START SOURCE DATA

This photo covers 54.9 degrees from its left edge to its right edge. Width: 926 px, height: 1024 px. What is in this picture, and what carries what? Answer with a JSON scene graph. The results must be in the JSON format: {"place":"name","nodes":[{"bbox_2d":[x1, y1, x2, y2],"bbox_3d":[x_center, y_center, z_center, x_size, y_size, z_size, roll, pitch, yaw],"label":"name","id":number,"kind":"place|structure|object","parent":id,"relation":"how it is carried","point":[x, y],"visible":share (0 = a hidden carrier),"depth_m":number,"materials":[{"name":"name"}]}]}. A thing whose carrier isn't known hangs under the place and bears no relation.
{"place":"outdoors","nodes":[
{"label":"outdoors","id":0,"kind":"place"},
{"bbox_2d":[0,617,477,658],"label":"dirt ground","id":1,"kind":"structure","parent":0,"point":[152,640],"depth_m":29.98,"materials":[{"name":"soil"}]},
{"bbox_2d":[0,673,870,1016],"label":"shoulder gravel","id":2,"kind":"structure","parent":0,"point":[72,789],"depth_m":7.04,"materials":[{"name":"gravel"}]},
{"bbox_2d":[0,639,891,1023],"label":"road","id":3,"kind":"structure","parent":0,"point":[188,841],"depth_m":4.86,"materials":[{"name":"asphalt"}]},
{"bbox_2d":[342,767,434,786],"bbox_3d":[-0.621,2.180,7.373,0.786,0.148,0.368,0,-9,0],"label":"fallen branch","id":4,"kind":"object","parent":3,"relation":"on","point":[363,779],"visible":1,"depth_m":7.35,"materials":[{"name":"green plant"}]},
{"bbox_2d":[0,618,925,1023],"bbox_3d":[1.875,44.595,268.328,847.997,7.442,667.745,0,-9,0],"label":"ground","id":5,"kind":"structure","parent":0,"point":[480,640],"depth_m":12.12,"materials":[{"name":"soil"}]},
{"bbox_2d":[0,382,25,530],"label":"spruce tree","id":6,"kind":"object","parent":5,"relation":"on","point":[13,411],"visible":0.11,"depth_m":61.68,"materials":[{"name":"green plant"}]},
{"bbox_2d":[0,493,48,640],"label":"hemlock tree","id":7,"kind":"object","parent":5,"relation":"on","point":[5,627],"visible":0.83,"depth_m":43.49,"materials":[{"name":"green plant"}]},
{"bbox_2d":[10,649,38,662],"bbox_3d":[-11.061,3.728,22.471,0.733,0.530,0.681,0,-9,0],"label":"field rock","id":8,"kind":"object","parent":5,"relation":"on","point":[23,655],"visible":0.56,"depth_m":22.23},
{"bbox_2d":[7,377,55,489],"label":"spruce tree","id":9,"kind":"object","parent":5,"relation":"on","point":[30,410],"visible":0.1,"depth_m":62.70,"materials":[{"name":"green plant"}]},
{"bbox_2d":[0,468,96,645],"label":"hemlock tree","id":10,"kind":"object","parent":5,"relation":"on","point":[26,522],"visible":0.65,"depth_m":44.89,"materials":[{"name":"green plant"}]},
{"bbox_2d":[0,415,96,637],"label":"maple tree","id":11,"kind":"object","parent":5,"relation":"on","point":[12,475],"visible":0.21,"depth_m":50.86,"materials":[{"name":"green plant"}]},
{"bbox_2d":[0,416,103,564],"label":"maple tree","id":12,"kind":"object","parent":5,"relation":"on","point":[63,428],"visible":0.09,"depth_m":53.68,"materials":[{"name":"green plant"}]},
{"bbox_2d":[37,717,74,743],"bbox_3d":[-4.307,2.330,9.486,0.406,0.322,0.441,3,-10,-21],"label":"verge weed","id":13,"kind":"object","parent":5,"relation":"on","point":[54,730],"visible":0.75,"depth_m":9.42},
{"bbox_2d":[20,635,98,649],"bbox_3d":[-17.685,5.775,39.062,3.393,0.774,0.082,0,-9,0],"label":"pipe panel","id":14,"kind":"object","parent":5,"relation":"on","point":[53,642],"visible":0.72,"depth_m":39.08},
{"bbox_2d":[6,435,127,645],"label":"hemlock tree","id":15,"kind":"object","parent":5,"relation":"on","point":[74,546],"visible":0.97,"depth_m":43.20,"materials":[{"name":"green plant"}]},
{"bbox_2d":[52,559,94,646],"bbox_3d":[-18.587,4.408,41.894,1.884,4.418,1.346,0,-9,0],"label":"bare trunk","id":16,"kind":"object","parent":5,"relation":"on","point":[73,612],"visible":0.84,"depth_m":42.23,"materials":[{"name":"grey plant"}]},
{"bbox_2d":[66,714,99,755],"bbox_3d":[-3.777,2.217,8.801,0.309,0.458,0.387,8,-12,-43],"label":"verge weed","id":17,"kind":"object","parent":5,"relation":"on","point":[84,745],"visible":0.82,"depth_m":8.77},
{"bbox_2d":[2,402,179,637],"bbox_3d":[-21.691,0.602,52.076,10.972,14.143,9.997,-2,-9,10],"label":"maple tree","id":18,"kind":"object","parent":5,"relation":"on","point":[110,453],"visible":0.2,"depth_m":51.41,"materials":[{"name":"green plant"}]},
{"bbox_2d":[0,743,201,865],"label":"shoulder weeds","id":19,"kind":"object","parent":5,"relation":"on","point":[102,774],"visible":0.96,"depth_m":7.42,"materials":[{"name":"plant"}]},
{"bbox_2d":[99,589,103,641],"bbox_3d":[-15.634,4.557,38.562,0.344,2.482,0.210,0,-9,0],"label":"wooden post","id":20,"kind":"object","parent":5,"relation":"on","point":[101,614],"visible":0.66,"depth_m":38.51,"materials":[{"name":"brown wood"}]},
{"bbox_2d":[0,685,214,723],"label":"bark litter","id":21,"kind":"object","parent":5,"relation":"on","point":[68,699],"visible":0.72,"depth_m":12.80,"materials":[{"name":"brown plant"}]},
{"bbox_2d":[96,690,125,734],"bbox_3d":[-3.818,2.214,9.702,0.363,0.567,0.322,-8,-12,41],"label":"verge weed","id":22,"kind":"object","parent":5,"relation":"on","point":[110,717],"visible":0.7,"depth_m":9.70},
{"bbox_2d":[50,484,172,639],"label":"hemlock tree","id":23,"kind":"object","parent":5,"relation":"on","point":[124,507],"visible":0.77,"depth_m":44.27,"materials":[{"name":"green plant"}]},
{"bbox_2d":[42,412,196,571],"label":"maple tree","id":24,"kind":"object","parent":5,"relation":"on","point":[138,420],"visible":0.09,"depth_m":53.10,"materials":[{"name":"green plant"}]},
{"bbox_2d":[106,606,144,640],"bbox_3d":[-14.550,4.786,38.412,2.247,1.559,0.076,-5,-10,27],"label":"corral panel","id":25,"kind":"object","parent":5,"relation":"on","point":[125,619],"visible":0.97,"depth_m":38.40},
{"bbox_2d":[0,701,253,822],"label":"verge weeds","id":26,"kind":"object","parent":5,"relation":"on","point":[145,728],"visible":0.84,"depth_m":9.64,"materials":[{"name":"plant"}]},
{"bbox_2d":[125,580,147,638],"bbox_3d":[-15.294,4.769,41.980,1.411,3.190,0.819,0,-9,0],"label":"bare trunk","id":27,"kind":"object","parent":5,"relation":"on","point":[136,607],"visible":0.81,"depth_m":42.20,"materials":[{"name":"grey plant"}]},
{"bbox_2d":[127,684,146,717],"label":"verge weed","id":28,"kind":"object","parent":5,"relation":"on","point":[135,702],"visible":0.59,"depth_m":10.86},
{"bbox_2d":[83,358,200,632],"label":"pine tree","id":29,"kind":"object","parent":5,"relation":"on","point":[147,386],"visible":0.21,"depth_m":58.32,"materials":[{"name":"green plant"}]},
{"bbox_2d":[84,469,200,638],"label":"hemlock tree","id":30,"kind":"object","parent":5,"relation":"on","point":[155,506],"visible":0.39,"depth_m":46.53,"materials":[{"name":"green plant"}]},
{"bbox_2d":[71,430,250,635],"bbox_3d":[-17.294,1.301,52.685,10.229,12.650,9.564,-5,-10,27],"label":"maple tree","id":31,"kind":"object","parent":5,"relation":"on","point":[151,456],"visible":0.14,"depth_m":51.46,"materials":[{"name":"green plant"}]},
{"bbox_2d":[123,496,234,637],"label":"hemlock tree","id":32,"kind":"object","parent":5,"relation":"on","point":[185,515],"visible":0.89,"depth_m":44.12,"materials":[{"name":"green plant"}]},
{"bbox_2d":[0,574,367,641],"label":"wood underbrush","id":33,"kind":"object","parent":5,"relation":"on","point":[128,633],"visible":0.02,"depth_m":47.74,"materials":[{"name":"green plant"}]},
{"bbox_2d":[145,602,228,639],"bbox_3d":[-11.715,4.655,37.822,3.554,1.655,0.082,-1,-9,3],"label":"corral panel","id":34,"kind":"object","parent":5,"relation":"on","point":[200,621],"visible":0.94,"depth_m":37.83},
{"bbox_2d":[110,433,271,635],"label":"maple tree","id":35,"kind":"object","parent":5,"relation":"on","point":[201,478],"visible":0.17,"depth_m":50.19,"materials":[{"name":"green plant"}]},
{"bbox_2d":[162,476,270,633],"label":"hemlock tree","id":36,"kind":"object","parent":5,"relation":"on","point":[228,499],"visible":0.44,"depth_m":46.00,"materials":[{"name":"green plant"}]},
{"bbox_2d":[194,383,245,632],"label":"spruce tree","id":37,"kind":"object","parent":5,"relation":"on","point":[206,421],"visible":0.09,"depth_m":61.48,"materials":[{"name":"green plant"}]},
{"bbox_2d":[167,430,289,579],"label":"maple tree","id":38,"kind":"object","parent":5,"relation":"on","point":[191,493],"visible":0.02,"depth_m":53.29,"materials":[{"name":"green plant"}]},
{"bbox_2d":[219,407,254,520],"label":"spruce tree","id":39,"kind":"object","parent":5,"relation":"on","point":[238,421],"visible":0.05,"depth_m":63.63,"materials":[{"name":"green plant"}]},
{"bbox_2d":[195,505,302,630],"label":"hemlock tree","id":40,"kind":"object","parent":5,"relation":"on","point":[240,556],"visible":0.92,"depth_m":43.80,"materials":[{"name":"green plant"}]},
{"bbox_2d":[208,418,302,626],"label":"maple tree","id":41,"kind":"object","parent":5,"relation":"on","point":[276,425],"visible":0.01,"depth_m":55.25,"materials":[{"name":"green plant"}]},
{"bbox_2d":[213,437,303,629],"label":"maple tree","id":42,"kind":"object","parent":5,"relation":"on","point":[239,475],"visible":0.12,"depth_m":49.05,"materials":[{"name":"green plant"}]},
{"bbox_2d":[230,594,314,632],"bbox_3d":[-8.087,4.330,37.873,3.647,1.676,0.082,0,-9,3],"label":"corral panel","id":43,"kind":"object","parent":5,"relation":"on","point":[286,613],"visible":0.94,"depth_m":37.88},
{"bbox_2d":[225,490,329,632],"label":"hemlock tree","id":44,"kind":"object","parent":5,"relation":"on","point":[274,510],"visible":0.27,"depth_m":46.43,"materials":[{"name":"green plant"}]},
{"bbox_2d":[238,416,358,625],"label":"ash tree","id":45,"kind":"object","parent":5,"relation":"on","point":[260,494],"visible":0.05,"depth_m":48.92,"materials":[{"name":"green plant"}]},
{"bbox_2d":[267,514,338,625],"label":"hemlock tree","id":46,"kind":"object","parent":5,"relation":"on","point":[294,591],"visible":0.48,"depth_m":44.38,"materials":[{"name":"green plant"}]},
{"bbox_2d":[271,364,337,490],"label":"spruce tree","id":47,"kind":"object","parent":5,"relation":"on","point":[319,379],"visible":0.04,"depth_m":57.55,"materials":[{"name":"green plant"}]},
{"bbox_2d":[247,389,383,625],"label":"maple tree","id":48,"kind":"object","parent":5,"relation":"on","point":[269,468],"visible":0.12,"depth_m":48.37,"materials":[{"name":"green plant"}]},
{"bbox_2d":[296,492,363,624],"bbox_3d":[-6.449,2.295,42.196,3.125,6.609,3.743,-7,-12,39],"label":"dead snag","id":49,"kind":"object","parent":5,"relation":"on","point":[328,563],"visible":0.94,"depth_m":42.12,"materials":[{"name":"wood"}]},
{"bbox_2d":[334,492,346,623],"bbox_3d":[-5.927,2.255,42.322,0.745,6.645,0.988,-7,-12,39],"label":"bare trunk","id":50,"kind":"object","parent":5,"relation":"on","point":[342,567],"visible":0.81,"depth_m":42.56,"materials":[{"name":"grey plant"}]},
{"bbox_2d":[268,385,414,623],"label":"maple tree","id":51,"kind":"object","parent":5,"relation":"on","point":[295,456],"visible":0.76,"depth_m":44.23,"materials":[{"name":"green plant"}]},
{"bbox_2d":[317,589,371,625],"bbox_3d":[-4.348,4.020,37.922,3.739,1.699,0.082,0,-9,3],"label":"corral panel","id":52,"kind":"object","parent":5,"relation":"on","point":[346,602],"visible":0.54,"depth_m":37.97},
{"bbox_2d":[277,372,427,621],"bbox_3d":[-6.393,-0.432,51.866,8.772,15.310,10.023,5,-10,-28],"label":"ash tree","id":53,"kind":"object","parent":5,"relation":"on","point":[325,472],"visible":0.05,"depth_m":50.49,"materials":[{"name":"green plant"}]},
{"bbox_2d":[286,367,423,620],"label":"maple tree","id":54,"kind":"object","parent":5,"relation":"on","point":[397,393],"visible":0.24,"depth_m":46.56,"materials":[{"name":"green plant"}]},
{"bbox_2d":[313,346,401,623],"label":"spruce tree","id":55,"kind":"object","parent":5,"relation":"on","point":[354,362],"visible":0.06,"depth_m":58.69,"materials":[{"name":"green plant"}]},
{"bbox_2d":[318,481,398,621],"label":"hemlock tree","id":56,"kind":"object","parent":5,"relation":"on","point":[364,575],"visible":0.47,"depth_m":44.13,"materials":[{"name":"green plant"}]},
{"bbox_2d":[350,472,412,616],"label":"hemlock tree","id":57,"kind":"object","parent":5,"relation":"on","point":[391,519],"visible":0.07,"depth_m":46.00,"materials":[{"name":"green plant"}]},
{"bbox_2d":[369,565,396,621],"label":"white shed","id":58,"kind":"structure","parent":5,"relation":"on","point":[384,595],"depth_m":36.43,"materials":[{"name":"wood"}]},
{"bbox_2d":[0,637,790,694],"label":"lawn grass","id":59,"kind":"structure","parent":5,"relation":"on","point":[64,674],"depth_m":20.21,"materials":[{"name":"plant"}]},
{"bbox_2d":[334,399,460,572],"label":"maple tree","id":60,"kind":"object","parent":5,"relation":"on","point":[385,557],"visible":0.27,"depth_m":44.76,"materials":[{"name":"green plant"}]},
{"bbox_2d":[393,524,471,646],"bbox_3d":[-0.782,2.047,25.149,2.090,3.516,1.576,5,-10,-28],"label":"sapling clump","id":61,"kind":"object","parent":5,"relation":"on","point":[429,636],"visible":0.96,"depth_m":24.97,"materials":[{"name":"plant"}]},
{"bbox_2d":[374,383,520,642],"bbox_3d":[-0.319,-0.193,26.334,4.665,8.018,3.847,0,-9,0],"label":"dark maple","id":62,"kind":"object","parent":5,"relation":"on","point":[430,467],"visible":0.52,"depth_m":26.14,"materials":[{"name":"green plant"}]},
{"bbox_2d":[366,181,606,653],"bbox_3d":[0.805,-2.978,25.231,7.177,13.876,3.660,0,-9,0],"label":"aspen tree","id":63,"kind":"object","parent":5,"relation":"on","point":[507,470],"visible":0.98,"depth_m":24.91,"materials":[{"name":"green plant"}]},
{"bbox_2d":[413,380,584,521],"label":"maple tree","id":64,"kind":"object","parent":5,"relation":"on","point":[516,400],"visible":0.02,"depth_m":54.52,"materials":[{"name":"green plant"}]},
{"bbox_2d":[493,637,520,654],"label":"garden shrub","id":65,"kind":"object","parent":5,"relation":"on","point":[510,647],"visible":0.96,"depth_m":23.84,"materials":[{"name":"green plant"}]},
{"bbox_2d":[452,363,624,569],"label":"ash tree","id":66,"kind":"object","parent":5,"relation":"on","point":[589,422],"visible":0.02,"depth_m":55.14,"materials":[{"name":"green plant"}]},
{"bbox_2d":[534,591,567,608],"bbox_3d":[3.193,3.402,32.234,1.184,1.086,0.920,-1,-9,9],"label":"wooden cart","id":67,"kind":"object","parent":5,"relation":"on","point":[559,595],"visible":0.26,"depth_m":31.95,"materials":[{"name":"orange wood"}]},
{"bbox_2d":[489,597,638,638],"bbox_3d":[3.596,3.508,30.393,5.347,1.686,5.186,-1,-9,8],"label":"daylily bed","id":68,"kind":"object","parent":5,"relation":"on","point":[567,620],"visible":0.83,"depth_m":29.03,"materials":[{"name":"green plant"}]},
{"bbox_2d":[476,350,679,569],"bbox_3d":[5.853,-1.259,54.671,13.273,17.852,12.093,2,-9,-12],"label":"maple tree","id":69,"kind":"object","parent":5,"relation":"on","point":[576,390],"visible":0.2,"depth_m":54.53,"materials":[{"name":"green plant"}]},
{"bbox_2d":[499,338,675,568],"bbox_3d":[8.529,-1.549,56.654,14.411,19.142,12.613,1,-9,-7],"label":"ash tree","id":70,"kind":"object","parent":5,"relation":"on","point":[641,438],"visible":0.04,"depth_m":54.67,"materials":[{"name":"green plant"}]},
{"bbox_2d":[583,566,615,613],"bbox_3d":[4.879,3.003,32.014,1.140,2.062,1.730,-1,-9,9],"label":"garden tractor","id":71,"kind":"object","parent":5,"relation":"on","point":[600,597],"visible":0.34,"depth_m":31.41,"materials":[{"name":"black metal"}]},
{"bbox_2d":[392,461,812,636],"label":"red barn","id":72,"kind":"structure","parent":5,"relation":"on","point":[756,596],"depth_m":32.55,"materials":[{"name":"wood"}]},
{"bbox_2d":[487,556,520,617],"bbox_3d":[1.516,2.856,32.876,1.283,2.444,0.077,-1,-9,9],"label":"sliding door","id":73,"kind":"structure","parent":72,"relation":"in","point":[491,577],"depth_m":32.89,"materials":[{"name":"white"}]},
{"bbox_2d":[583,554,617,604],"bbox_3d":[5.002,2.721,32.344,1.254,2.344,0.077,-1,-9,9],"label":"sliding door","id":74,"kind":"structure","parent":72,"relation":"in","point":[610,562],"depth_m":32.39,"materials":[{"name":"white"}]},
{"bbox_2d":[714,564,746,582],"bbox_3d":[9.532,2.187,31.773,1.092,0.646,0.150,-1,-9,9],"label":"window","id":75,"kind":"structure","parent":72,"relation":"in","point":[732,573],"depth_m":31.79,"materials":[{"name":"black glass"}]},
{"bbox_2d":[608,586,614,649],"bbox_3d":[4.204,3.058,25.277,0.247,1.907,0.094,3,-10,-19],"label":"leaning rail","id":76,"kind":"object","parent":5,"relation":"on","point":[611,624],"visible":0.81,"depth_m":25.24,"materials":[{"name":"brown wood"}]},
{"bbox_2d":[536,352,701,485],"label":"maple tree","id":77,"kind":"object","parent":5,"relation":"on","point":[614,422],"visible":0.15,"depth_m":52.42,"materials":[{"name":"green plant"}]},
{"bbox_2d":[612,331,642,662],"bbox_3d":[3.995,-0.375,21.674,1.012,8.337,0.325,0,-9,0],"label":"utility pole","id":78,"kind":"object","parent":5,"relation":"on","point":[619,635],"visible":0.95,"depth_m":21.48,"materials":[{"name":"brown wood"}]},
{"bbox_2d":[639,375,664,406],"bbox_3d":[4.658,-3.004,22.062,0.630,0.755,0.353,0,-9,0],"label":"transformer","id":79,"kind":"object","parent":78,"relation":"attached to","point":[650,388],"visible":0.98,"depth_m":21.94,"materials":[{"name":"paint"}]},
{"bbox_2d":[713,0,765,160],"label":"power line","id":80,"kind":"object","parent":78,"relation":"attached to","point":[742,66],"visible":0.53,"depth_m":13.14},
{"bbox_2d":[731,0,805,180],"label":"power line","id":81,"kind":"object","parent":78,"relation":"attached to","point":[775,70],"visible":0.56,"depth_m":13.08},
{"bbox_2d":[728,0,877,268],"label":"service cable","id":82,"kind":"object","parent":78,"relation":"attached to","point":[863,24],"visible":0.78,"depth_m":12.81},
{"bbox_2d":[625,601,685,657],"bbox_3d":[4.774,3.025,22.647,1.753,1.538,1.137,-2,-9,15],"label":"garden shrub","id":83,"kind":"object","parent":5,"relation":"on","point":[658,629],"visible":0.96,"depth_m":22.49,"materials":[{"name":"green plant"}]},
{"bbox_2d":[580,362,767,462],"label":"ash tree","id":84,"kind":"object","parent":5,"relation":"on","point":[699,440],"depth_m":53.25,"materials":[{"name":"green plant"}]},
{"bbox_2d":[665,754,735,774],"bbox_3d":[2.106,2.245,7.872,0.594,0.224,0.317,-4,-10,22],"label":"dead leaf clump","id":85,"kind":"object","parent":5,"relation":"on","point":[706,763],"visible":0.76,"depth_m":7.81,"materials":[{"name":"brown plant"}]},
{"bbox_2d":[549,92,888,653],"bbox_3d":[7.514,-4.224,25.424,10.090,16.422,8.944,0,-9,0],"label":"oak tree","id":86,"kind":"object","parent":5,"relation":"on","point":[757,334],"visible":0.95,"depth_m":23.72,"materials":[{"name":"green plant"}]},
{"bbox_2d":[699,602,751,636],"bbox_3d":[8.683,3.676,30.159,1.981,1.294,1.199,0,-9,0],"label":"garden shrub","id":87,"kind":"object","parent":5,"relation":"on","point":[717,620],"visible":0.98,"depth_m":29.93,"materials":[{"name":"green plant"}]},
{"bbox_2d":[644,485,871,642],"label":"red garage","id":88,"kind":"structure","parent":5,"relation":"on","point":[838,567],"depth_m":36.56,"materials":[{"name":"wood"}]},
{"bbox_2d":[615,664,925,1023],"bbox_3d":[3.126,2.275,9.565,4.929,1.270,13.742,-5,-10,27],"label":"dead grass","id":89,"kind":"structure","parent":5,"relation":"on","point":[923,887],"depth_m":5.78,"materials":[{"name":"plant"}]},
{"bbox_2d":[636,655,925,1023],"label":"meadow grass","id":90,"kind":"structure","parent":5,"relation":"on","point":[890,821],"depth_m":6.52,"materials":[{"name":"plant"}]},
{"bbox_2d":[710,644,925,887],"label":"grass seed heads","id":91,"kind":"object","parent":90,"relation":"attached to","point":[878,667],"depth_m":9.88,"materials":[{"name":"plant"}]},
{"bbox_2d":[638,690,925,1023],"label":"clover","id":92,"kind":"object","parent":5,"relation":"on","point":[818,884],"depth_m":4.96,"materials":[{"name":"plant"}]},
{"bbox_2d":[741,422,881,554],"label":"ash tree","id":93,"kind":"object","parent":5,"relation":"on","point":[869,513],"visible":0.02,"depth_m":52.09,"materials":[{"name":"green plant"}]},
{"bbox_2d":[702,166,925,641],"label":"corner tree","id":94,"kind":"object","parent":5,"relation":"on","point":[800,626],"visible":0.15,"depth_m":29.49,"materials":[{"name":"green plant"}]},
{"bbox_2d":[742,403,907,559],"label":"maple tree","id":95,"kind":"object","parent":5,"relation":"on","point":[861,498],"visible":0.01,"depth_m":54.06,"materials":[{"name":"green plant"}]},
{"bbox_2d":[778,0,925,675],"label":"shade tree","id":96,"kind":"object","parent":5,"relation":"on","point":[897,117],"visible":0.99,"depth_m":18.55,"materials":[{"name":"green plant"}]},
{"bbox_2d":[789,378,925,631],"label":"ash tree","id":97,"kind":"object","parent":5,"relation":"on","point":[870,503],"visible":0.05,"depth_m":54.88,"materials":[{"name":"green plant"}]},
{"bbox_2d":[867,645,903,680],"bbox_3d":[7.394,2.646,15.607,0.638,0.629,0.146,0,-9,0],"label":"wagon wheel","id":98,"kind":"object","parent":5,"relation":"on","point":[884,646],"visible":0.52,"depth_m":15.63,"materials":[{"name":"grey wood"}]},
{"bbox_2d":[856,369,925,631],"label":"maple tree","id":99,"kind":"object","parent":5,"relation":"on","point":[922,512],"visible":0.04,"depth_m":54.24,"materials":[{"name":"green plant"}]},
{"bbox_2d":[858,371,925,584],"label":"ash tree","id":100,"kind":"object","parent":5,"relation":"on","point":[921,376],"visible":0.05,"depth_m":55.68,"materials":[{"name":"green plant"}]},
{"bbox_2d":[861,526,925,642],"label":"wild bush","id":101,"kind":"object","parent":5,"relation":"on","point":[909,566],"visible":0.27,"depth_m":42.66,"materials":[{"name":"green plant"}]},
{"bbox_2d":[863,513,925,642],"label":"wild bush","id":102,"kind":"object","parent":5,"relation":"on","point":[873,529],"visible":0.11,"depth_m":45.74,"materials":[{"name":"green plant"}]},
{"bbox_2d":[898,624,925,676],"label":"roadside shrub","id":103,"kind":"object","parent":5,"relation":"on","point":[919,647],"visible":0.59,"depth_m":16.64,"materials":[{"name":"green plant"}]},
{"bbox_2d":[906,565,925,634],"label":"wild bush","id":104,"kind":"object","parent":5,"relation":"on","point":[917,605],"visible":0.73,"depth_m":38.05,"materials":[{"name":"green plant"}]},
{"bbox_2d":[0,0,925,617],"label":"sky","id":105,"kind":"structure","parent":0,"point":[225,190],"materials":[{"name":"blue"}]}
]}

END SOURCE DATA

DIRECTIONS: Each line in the entries above that includes the string "panel" should be extracted.

RESULT BELOW:
{"bbox_2d":[20,635,98,649],"bbox_3d":[-17.685,5.775,39.062,3.393,0.774,0.082,0,-9,0],"label":"pipe panel","id":14,"kind":"object","parent":5,"relation":"on","point":[53,642],"visible":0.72,"depth_m":39.08},
{"bbox_2d":[106,606,144,640],"bbox_3d":[-14.550,4.786,38.412,2.247,1.559,0.076,-5,-10,27],"label":"corral panel","id":25,"kind":"object","parent":5,"relation":"on","point":[125,619],"visible":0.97,"depth_m":38.40},
{"bbox_2d":[145,602,228,639],"bbox_3d":[-11.715,4.655,37.822,3.554,1.655,0.082,-1,-9,3],"label":"corral panel","id":34,"kind":"object","parent":5,"relation":"on","point":[200,621],"visible":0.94,"depth_m":37.83},
{"bbox_2d":[230,594,314,632],"bbox_3d":[-8.087,4.330,37.873,3.647,1.676,0.082,0,-9,3],"label":"corral panel","id":43,"kind":"object","parent":5,"relation":"on","point":[286,613],"visible":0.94,"depth_m":37.88},
{"bbox_2d":[317,589,371,625],"bbox_3d":[-4.348,4.020,37.922,3.739,1.699,0.082,0,-9,3],"label":"corral panel","id":52,"kind":"object","parent":5,"relation":"on","point":[346,602],"visible":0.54,"depth_m":37.97},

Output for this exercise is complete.